Museum on the Move – Viking Games

Games and entertainment occupied the time of Vikings between conquest, raids, trade journeys and long winters’ nights. While Vikings worked hard, they also left time to play strategic board games with friends and family, as we still do today.

From grave goods and the sagas, we learn that Vikings played board games avidly, carved wooden dolls and toys for their children, played dice and gambled, and played rough sports at their feasts and gatherings.

Find more about Viking play, childhood and games by looking at the Viking Games downloadable document below.

Evidence of play

Many activities involving children’s play do not leave archaeological traces; however, we do know of ball games and wrestling games, which were recorded in some detail in the Viking sagas. Written sources (such as the Orkneyinga Saga) describe how being good at table games impressed other people. Some games were scratched onto wood or stone, with broken pieces of pottery or bone used for counters.

One of the most popular games still played today is chess. Some of the most striking objects of the 12th Century are the chess pieces from the Scottish island of Lewis.  The Lewis Chess-pieces give us fascinating insights into the international connections of western Scotland and the growing popularity of chess in medieval Europe.
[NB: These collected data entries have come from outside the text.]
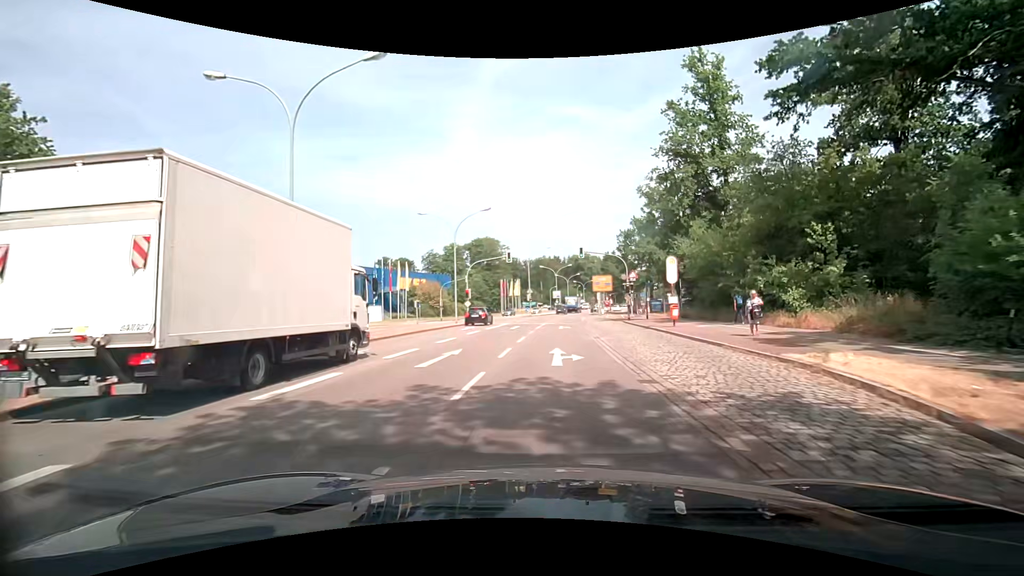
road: secondary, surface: asphalt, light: Day
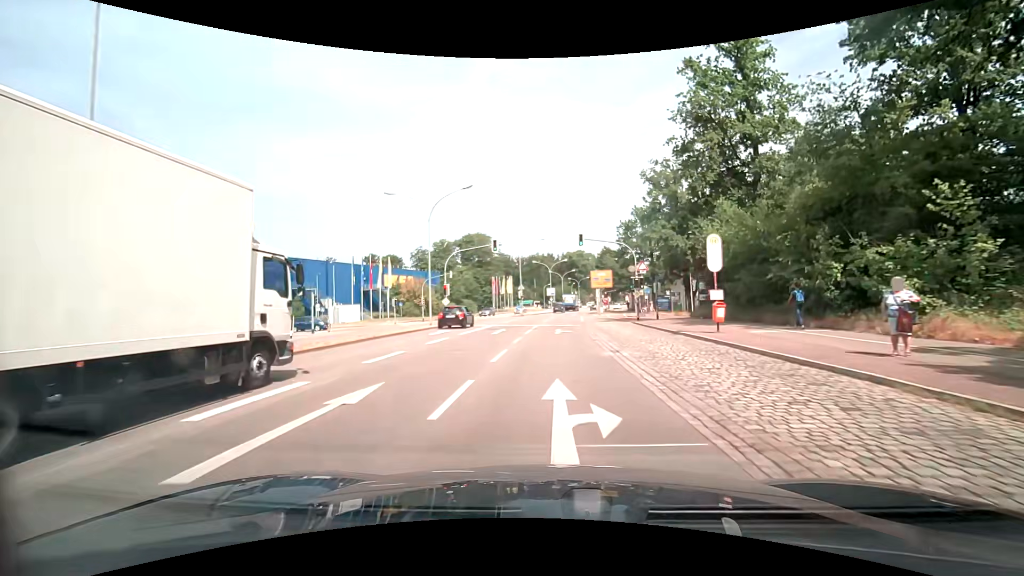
(+0.1, +7.4) m; +1°
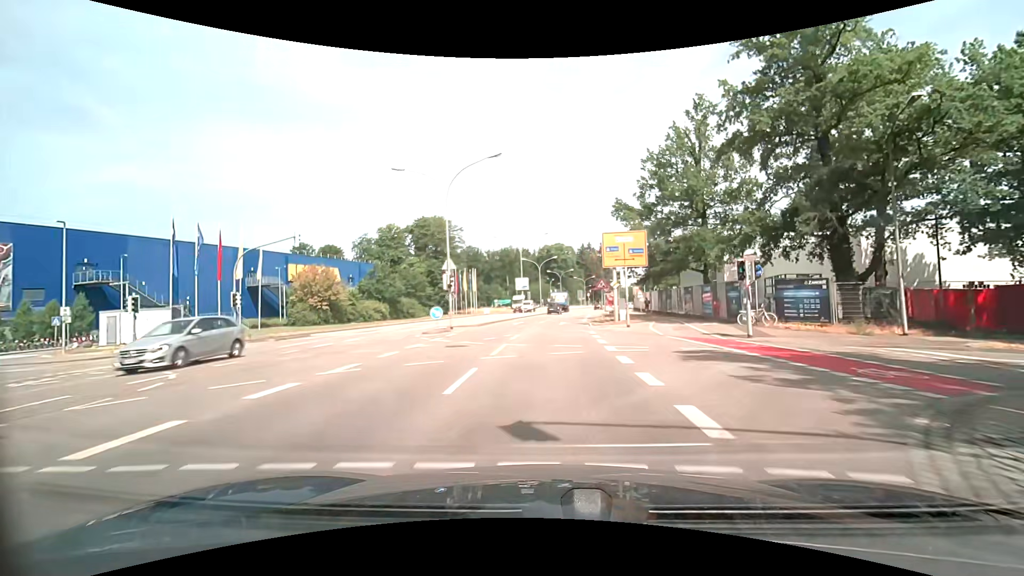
(+1.0, +36.2) m; +3°

Excavations at Peel Castle

The board game enjoyed most often by Vikings was Hnefatafl, which they took with them to Greenland, Iceland, Scotland, Ireland and Great Britain. Other games such as Merels are still played today.  This hand-made Merels board was uncovered during the archaeological excavations of St. Patrick’s Isle in Peel during the 1980s. This Merels game, also called Nine Men’s Morris, was scratched into the surface of a piece of slate around the 14th Century (1300s AD).  Could this game have been played by soldiers occupying Peel Castle? We will never know, but you can still play this simple game with your friends and family today by printing out the downloadable Merels game below

Let’s find out what archaeological evidence we have of Viking games played in the Isle of Man.

Merels board archaeological picture for educational use.


Counters for games could be made from simple to highly prized materials depending on the game and the status of the player. Some counters and games pieces have been found to be made out of materials ranging from bone, fish vertebrate, walrus tusk, to very ornate glass.  These counters are made from ‘tope’ vertebrate, which is a type of shark. These vertebrate counters were found in an excavation at Castle Rushen in Castletown.

What things can you find at home to make counters from for your Merels board? Make sure that they look different to your opponent’s counters!